___ Data section

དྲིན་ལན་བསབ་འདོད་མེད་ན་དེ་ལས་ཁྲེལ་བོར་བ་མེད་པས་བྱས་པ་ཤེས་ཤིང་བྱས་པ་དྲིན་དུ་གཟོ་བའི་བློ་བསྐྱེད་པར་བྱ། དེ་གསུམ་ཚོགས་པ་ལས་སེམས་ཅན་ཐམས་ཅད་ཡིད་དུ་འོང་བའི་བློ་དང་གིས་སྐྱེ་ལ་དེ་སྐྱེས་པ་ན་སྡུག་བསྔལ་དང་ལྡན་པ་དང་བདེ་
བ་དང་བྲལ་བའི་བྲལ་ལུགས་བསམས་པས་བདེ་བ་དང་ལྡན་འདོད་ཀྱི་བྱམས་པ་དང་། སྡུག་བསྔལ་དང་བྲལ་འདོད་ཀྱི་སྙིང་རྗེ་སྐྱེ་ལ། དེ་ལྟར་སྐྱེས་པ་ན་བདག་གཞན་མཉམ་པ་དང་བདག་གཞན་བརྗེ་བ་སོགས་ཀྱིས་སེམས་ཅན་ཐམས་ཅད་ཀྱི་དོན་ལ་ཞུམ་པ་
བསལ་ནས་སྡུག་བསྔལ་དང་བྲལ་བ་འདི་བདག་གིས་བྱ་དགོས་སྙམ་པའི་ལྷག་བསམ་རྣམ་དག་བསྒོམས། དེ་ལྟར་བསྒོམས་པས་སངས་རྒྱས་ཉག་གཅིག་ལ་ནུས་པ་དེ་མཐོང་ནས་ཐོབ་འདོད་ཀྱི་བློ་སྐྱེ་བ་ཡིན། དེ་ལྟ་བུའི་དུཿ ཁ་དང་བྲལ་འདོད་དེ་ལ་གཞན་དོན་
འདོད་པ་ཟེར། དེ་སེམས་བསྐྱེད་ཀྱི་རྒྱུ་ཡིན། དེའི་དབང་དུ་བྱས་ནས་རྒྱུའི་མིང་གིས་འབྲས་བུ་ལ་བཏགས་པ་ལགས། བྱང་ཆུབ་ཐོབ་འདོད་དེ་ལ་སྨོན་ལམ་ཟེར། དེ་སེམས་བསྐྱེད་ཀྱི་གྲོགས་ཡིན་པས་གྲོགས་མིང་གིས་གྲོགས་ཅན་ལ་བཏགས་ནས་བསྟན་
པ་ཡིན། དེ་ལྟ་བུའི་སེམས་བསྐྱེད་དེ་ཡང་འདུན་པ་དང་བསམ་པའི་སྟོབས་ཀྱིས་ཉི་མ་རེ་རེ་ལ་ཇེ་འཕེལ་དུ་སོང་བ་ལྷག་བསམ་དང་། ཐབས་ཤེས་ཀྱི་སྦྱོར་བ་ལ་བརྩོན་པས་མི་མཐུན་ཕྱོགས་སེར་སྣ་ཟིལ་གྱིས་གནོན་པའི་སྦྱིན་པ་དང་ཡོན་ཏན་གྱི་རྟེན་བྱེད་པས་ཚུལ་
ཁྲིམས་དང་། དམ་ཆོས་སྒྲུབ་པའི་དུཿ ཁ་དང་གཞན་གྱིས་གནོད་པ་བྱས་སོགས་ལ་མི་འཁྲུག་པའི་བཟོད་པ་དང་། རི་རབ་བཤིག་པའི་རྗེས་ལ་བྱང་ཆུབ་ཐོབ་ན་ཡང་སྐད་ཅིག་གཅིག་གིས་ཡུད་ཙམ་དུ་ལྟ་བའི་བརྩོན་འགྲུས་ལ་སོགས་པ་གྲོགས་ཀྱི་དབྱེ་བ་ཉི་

______

_About this exercise_.
The response must contain every entry, each one identical to the original.

_Answer to the problem_.
དྲིན་ལན་བསབ་འདོད་མེད་ན་དེ་ལས་ཁྲེལ་བོར་བ་མེད་པས་བྱས་པ་ཤེས་ཤིང་བྱས་པ་དྲིན་དུ་གཟོ་བའི་བློ་བསྐྱེད་པར་བྱ། དེ་གསུམ་ཚོགས་པ་ལས་སེམས་ཅན་ཐམས་ཅད་ཡིད་དུ་འོང་བའི་བློ་དང་གིས་སྐྱེ་ལ་དེ་སྐྱེས་པ་ན་སྡུག་བསྔལ་དང་ལྡན་པ་དང་བདེ་
བ་དང་བྲལ་བའི་བྲལ་ལུགས་བསམས་པས་བདེ་བ་དང་ལྡན་འདོད་ཀྱི་བྱམས་པ་དང་། སྡུག་བསྔལ་དང་བྲལ་འདོད་ཀྱི་སྙིང་རྗེ་སྐྱེ་ལ། དེ་ལྟར་སྐྱེས་པ་ན་བདག་གཞན་མཉམ་པ་དང་བདག་གཞན་བརྗེ་བ་སོགས་ཀྱིས་སེམས་ཅན་ཐམས་ཅད་ཀྱི་དོན་ལ་ཞུམ་པ་
བསལ་ནས་སྡུག་བསྔལ་དང་བྲལ་བ་འདི་བདག་གིས་བྱ་དགོས་སྙམ་པའི་ལྷག་བསམ་རྣམ་དག་བསྒོམས། དེ་ལྟར་བསྒོམས་པས་སངས་རྒྱས་ཉག་གཅིག་ལ་ནུས་པ་དེ་མཐོང་ནས་ཐོབ་འདོད་ཀྱི་བློ་སྐྱེ་བ་ཡིན། དེ་ལྟ་བུའི་དུཿ ཁ་དང་བྲལ་འདོད་དེ་ལ་གཞན་དོན་
འདོད་པ་ཟེར། དེ་སེམས་བསྐྱེད་ཀྱི་རྒྱུ་ཡིན། དེའི་དབང་དུ་བྱས་ནས་རྒྱུའི་མིང་གིས་འབྲས་བུ་ལ་བཏགས་པ་ལགས། བྱང་ཆུབ་ཐོབ་འདོད་དེ་ལ་སྨོན་ལམ་ཟེར། དེ་སེམས་བསྐྱེད་ཀྱི་གྲོགས་ཡིན་པས་གྲོགས་མིང་གིས་གྲོགས་ཅན་ལ་བཏགས་ནས་བསྟན་
པ་ཡིན། དེ་ལྟ་བུའི་སེམས་བསྐྱེད་དེ་ཡང་འདུན་པ་དང་བསམ་པའི་སྟོབས་ཀྱིས་ཉི་མ་རེ་རེ་ལ་ཇེ་འཕེལ་དུ་སོང་བ་ལྷག་བསམ་དང་། ཐབས་ཤེས་ཀྱི་སྦྱོར་བ་ལ་བརྩོན་པས་མི་མཐུན་ཕྱོགས་སེར་སྣ་ཟིལ་གྱིས་གནོན་པའི་སྦྱིན་པ་དང་ཡོན་ཏན་གྱི་རྟེན་བྱེད་པས་ཚུལ་
ཁྲིམས་དང་། དམ་ཆོས་སྒྲུབ་པའི་དུཿ ཁ་དང་གཞན་གྱིས་གནོད་པ་བྱས་སོགས་ལ་མི་འཁྲུག་པའི་བཟོད་པ་དང་། རི་རབ་བཤིག་པའི་རྗེས་ལ་བྱང་ཆུབ་ཐོབ་ན་ཡང་སྐད་ཅིག་གཅིག་གིས་ཡུད་ཙམ་དུ་ལྟ་བའི་བརྩོན་འགྲུས་ལ་སོགས་པ་གྲོགས་ཀྱི་དབྱེ་བ་ཉི་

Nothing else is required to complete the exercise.